When you spot the word "this" in a line of the data below, copy that line.

--- Given entries ---

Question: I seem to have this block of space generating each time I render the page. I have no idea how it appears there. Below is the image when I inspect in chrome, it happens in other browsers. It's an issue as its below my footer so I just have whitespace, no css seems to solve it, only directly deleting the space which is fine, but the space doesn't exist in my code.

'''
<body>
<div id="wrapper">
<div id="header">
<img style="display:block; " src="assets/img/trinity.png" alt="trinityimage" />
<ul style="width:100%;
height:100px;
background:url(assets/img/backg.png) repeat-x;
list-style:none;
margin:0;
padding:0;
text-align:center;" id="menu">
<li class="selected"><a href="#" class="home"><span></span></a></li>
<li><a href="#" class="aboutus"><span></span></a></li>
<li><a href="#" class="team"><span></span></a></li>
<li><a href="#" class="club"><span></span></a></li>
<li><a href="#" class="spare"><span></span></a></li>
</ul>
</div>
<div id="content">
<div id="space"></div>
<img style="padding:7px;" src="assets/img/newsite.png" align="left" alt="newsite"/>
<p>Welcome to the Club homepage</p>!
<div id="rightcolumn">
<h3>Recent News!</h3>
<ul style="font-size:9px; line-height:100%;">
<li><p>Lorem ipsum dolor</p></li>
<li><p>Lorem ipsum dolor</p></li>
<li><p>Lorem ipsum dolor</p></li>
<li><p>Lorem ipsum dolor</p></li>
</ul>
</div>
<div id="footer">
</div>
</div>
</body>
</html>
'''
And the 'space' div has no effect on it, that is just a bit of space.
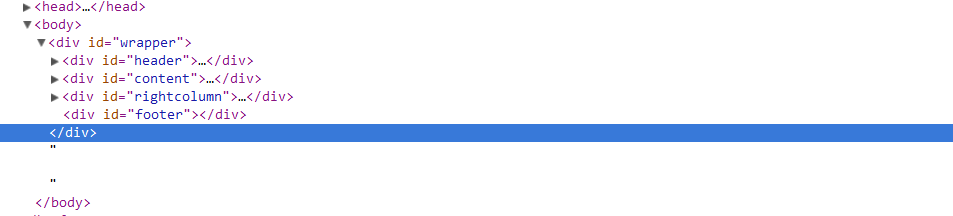
Answer: I have seen this phantom space a few times before, its something to do with a hidden character that gets added (usually from copy and paste). If you delete the closing '</div></body></html>' then re-type them in manually it may fix the problem.
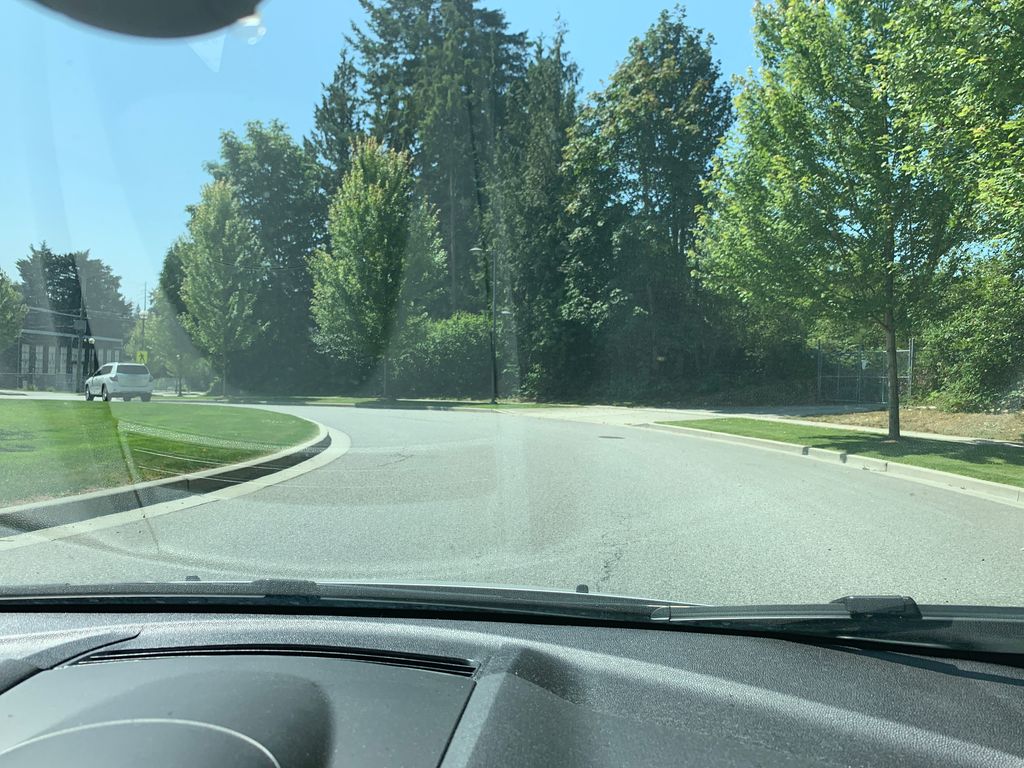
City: vancouver

---

* **Answer to the exercise**:
Question: I seem to have this block of space generating each time I render the page. I have no idea how it appears there. Below is the image when I inspect in chrome, it happens in other browsers. It's an issue as its below my footer so I just have whitespace, no css seems to solve it, only directly deleting the space which is fine, but the space doesn't exist in my code.
Answer: I have seen this phantom space a few times before, its something to do with a hidden character that gets added (usually from copy and paste). If you delete the closing '</div></body></html>' then re-type them in manually it may fix the problem.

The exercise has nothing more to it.